Train Custom MT Models

In this article:

  1. How does MT Customization work?

  2. Available providers to train

  3. Create a project

  4. How to make sure your data is correct

  5. Training process

Currently, MT Studio supports only Google Chrome and Mozilla Firefox browsers.

 How does MT Customization Work?

When you train a custom MT model, you customize a provider's existing MT model to translate specific content in a specific way.

To customize a model, you need to give it parallel text segments: source texts and translations into a target language. The model processes the segments and learns to translate words and phrases in a way that you want it to. 

Compared to stock MT models, custom models produce translations closer to reference translations.

With Intento MT Studio projects, you can train multiple models from MT providers and evaluate them in one simple interface.

Available Providers to Train

To train models, you need to have a direct contract with the MT provider.

To use training with Intento, you need connected accounts with all providers whose models you want to customize.
With Intento MT Studio, you can now train custom models of the following providers:

Provider: Google AutoML
Connected Accounts: To connect a Google account, follow the instructions here.
Training Costs: The price of training a Google model depends on the amount of training data. The minimum is approximately $100, and the maximum per training is fixed at $300.
Minimum Number of Segments for Training: 1,000
Training Time: 3-6 hours

Provider: ModernMT
Connected Accounts: To connect a ModernMT account, follow the instructions here.
Training Costs: Free
Minimum Number of Segments for Training: No limitations
Training Time: Seconds

Create a Project

To create a project:

  1. Visit Intento MT Studio

  2. Select Create project → Train & Evaluate models:

    1-Train & Evaluate models.png
  3. Enter a name for your new project and the source and target languages:

    2-source and target languages.png
  4. Upload files with parallel data (translation memory) and process them:

    3-parallel data.png
  5. Choose a provider in the Provider field

  6. Choose an account in the Connected account field.

    If you're having trouble with accounts, contact your organization's admin or Intento support.

  7. To train a model from another provider, select Add provider and choose another provider and connected account.

  8. Select Create project

How to Make Sure your Data is Correct

MT Studio works with TMX, CSV, and TSV files. To make sure your data is correct:

  • CSV and TSV files must contain only two columns: source and target. There must not be any other columns in the file.
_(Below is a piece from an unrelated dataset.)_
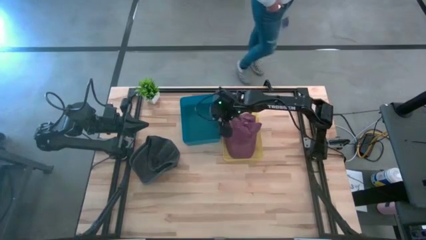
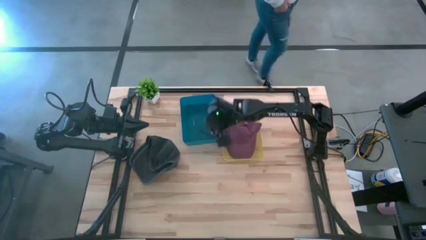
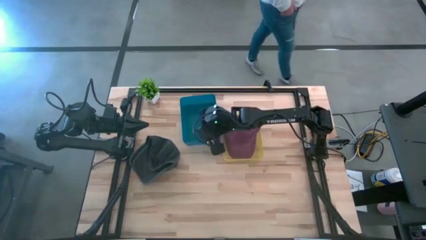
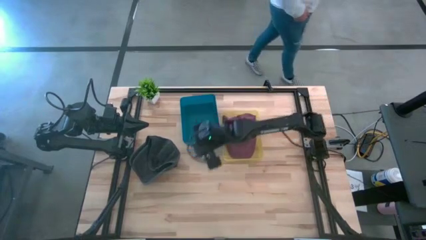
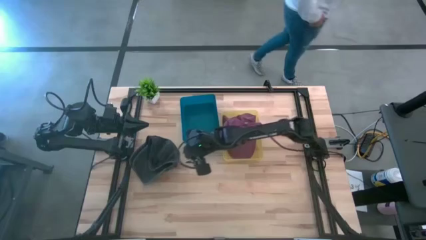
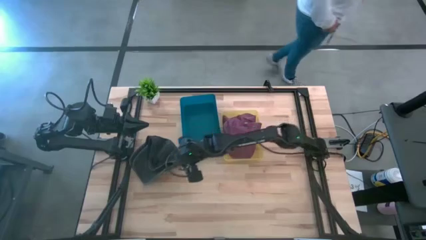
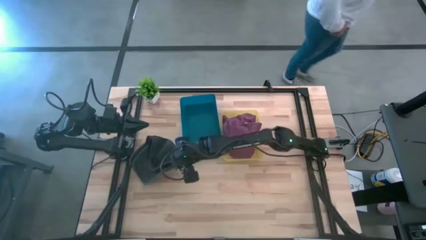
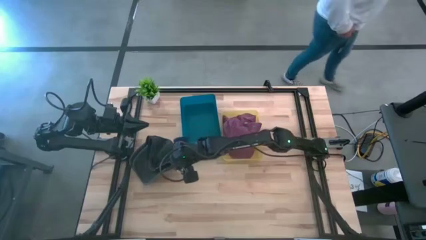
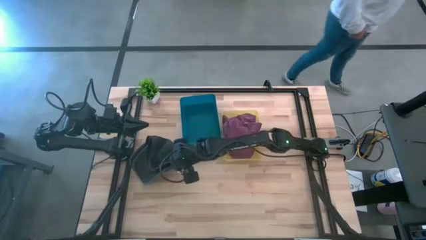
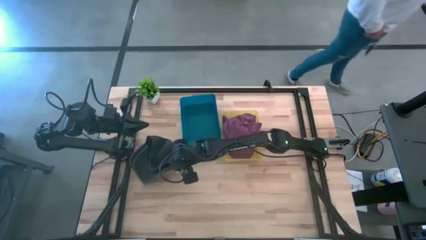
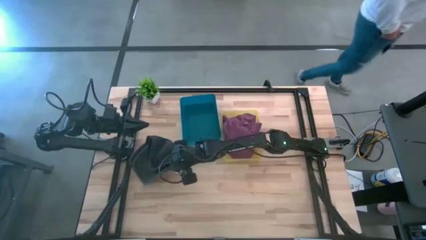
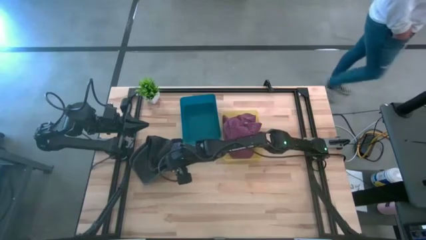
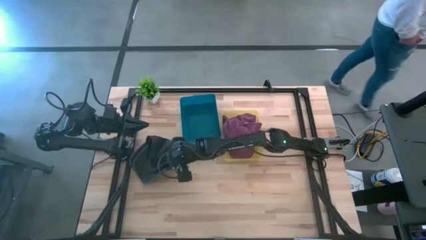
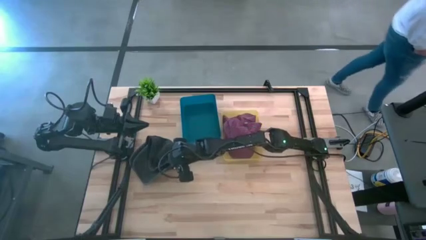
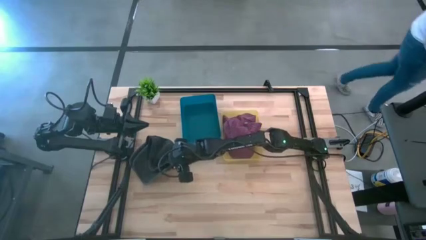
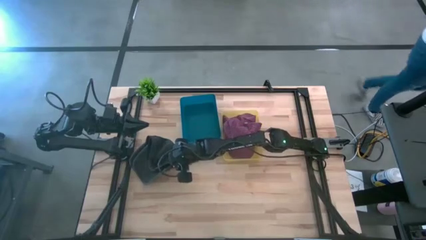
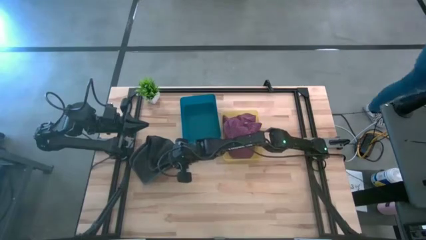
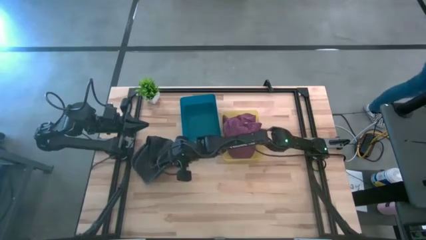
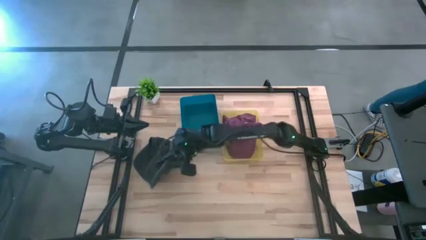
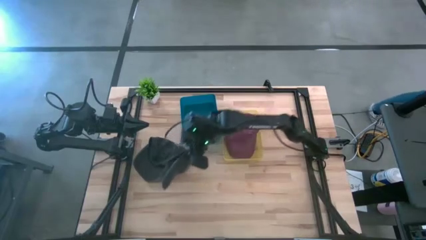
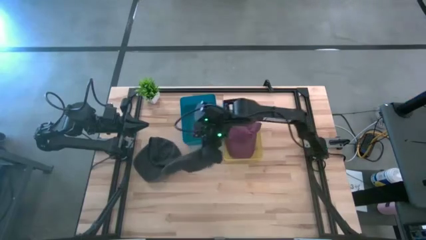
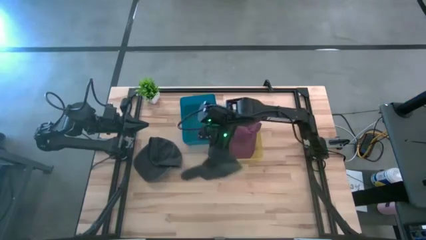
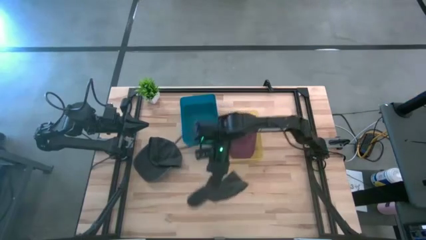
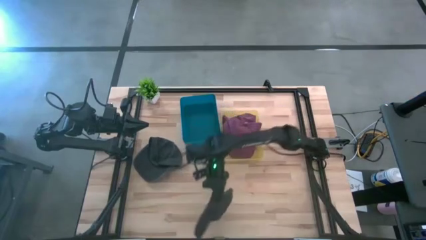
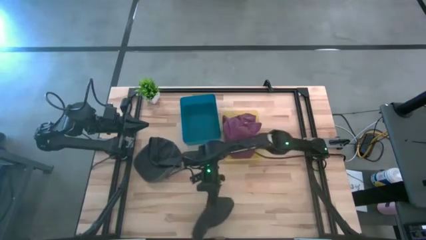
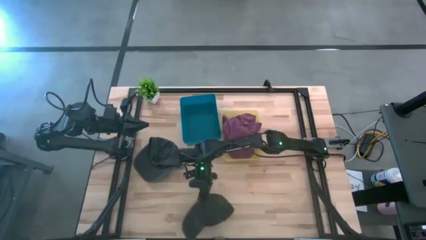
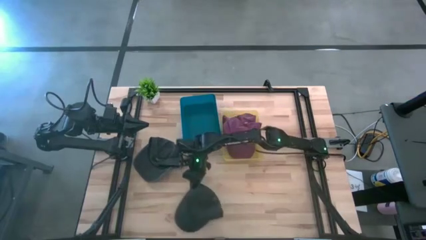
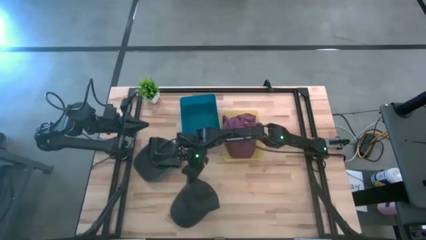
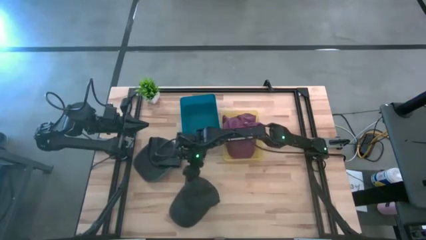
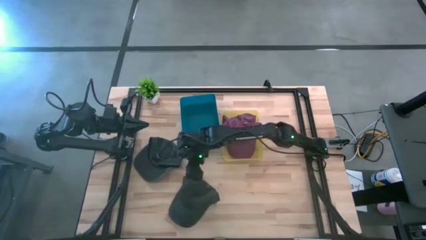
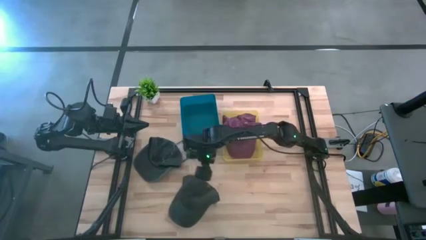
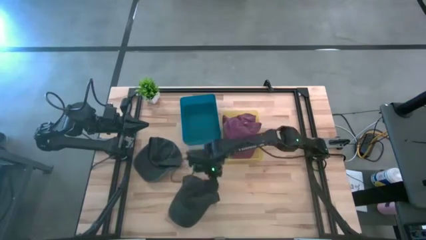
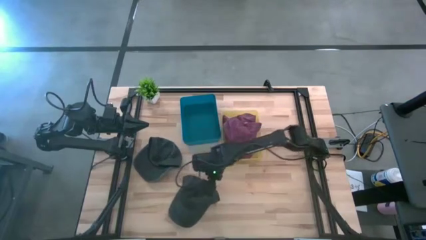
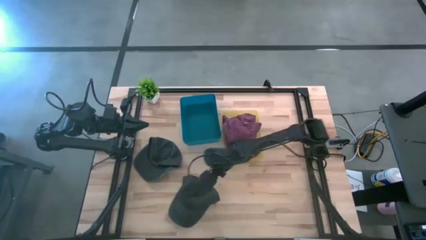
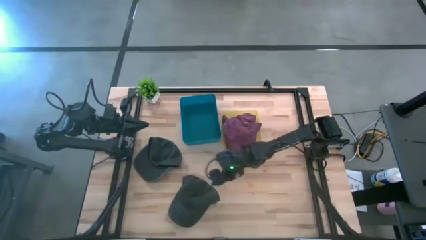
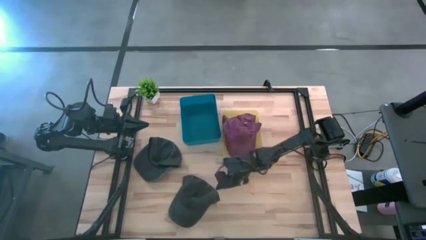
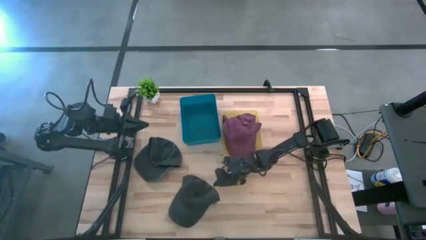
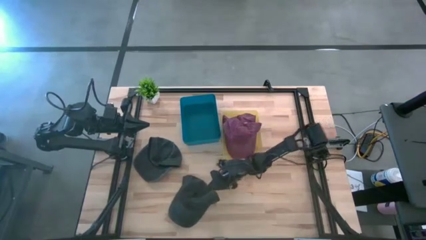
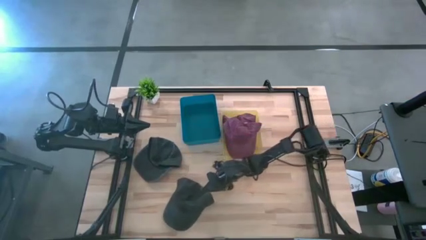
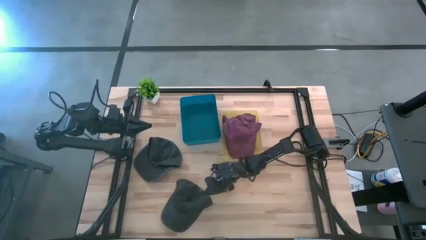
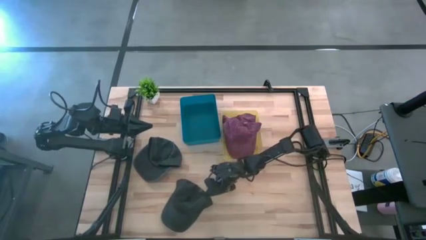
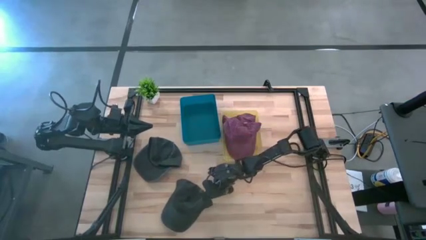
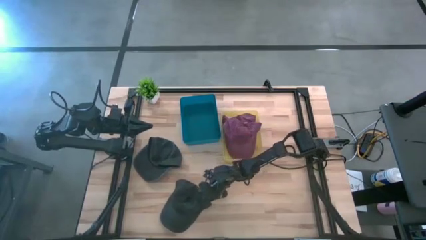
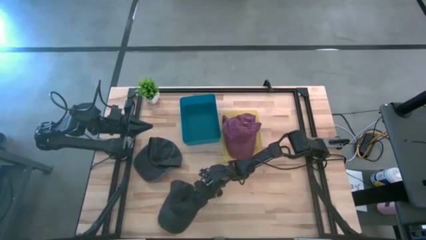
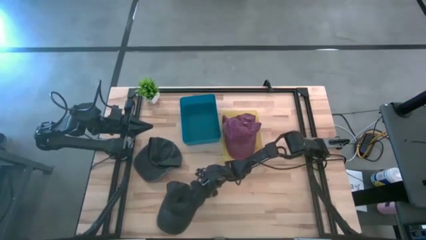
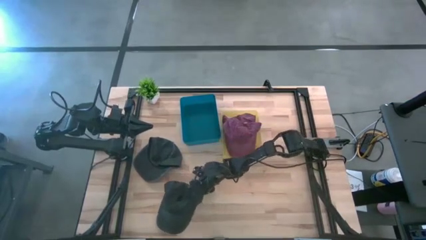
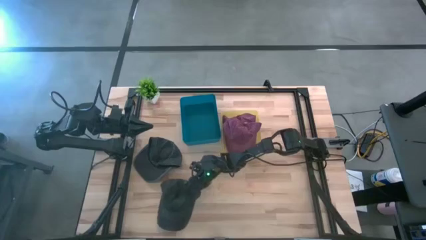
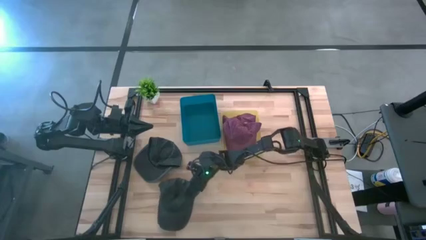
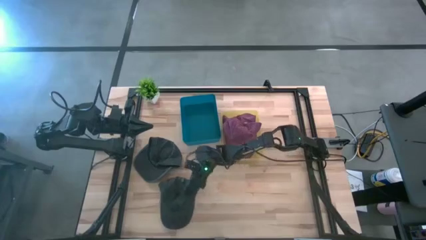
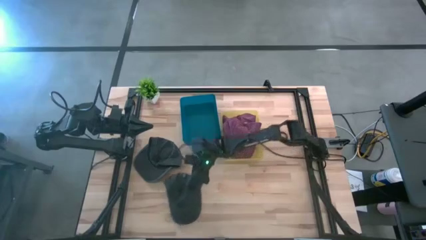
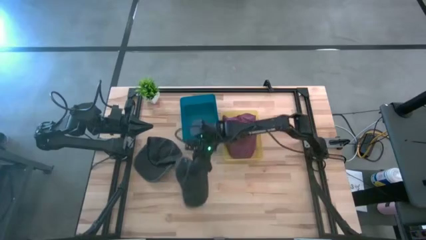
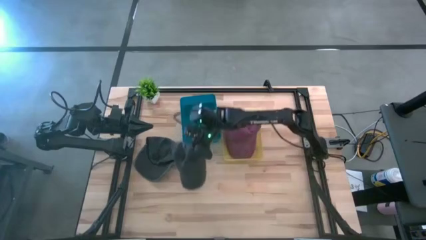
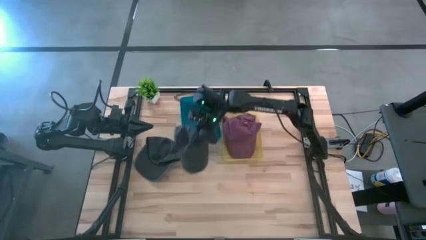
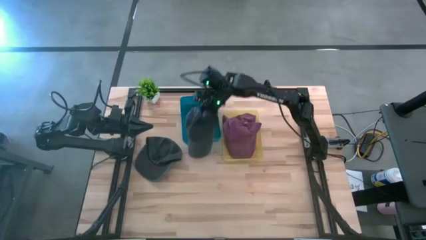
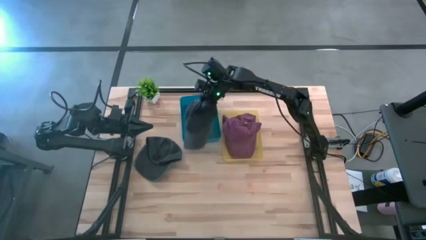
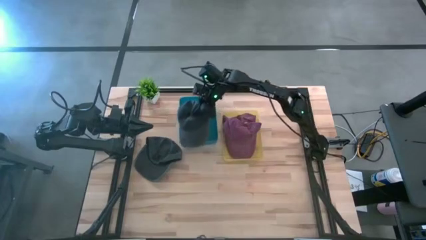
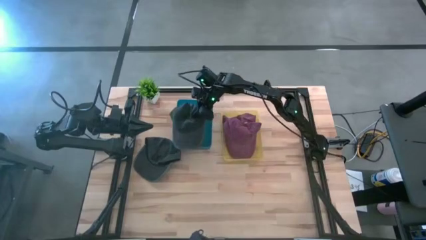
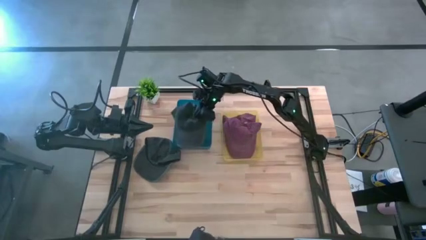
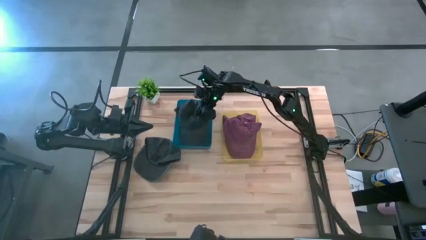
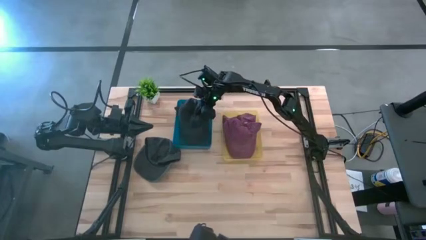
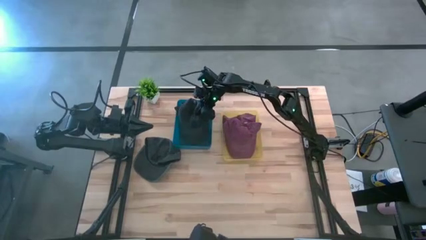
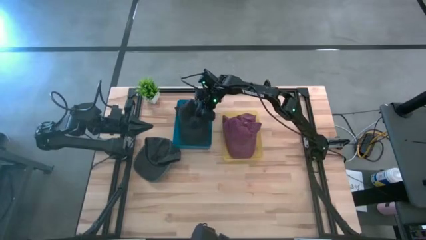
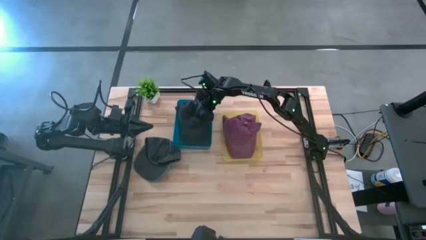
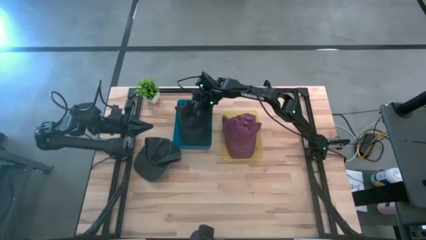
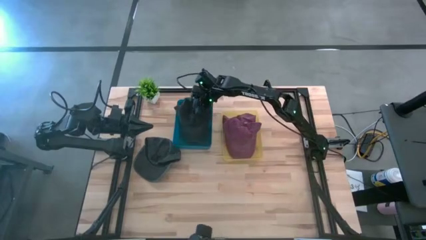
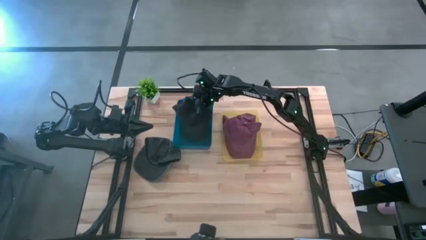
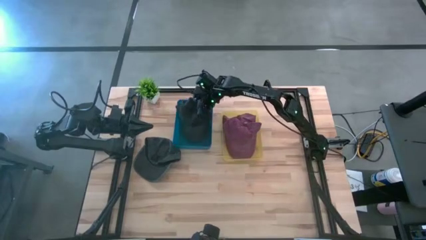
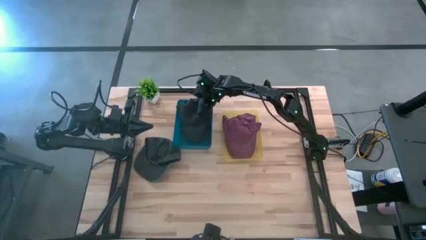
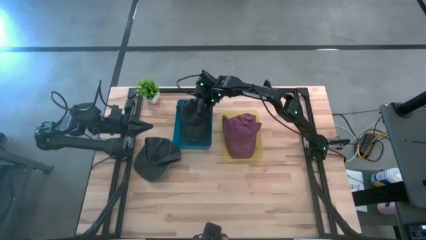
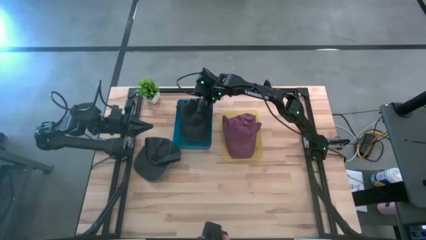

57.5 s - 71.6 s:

  • TMX files must contain only two languages

    • The first will be the source language

    • The second will be the target language

Training Process

After you start training, MT Studio shows the status of your models: 

  • Completed, if the model is ready.

  • In progress, if it's still training. While the training is in progress, the user can cancel the process.

  • If training has failed, you'll see Error and a redo arrow — select the arrow to start training again. 

4-Error.png

With trained models, it is easy to make translations for further deep evaluation.